Maybe if you found a support group of people who have experienced this already - you may be able to ask them what they did?

Although ultimately every one is different - and it depends how much time you need to grieve before you are ready to make a start to recovery.
Question Author
i know, that's what is making it so difficult - how am i supposed to know when that will be??
Off the top of my head I'd suggest asking for the max with the assumption that they'll be happy to get you back earlier, if you reach a stage where you feel work will occupy your mind and help with the healing process. Presumably easier to get agreement to come back early than to extend an agreed period.
Question Author
well, they are not going to get cover for me as far as i know.
Hi bednobs, I would do what old geezer suggests and put the maximum time down on the form just in case you need all the time but say to your boss that you may or may not return earlier if you feel up to it.
Obviously you are not going to be able to decide anything like this at the moment and work should understand.
Take care hun and if you want to let out your feelings on here I personally wouldn't mind and I'm sure others wouldn't. Thats what we are here for!
how you today bednobs, agree with last post, you can always change your mind, do your employers consider "phased return " to work.
Bednobs, how are you after today? I was thinking about you as I'm sure a lot of folk on here were x
Question Author
i feel ok thanks. it was lovely and sunny here (better than raining when standing by a graveside). i managed to say my words without too many tears. The coffin was so small it broke my heart all over again. As predicted, seeing my husband carry her was the worst of all.
it's sh it, but there you go
Am so glad the sun shone for little Heather and you and MrB too, take all the time you need and ask work to be flexible with you, you cannot see it now but one day you will want to leave the house and talk to others just take each day as it comes.

M♥
Dear bednobs - my love goes to you all. Well done to the two of you, and I am so pleased the sun shone for little Heather ♥
Bednobs, I haven't stopped thinking about you for days.
If you want to chat to someone who has been through this, drop me a line
[email protected]
bednobs - I don't have the answer to your question, but just wanted to add my support to you and your fella. What a terrible experience - I really feel for you. SANDS (Stillbirth and neonatal death society) may well be able to advise you.
hi bednobs just read this im so sorry for your loss xxx
my heart goes out to you and your family i wish you peace at this sad time x
Sorry for your loss xx
Don't know what to say bednobs. I'm not comparing this in anyway but...when my Dad died (I adored the man) I went back to work within a few weeks. I got laid off about 10 months later and felt I was on the edge of a breakdown. I didn't give myself enough time to come to terms with it and work just took my mind off things.

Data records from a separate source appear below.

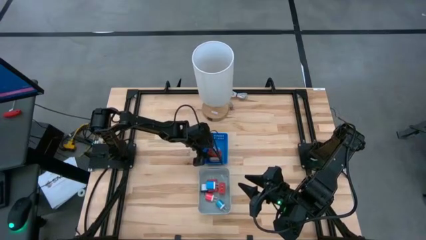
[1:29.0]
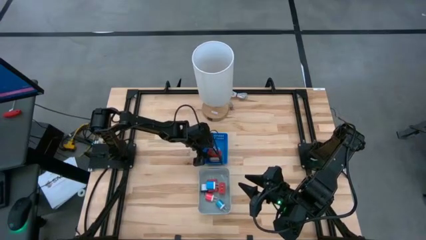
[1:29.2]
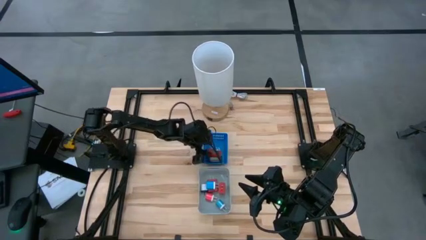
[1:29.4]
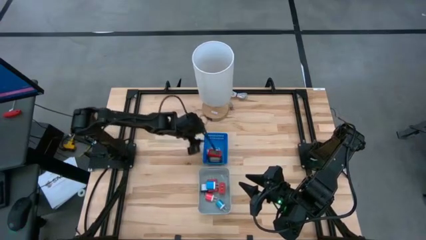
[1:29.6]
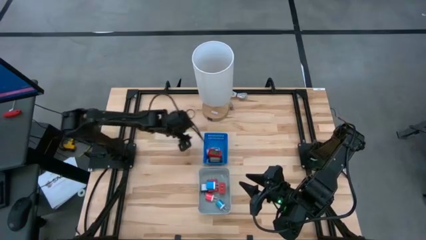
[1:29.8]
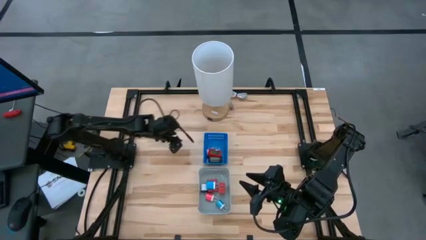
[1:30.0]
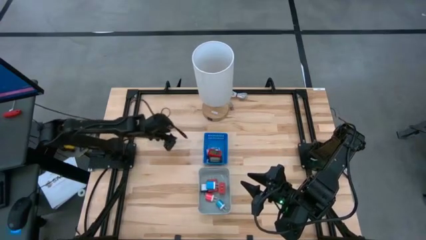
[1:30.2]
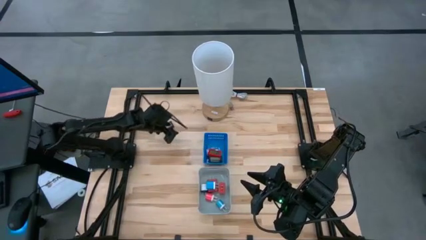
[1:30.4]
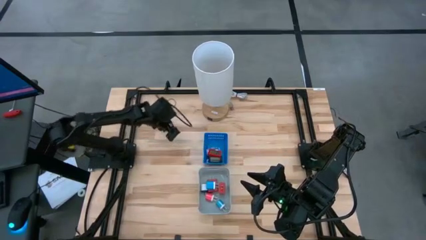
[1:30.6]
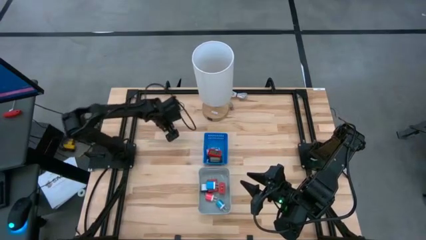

I did also have many other close family deaths in a short space of time and OH thought it was best that I stay at home and deal with my grief...in private ( to a certain extent) to cry when I want to, to go through the what ifs and to never have to put a brave face on things.

I know you can't compare losing a parent to losing a child...but it took me about two years to recover fully.

You take your time.....let yourself grieve naturally and it might help you be strong for your partner.


xxx
Bednobs, I am so sorry to hear about your hard time. I hope you get all the support and strength you need to get through this, I don't think you need to fill anything in, my love, and they certainly shouldnt be pushing yout o do so. they should be assuming that you are going to be taking the full 52 weeks, you do not have to give them notice that you will be returning then, the only time you have to give them notice is if you return early. So if you feel you would be ready in 8 weeks to return, then notify them. You have been through something very traumatic and if it were too early for you after you returned, I am almost certain you could get signed off by your doctor,
I hope you and your husband manage to get through the coming days, weeks and months OK. Support each other and find your inner strength... you can get through this bednobs... and I know it sounds super corny.. but time really is a great healer!

Good Luck!
perhaps just explain that as you really have no idea when you will feel ready you think its fair to them to apply for the maximum..to allow them forewarnimng, but that you may come back sooner...

i am sure theyunderstand that in this case it would be impossible to put a number on this, and they will appreciate your honesty and desire to lessen the upheaval as much as you can
The law should be changed, you should be allowed significant time of work for emotional reasons alone. A still birth that late is tough.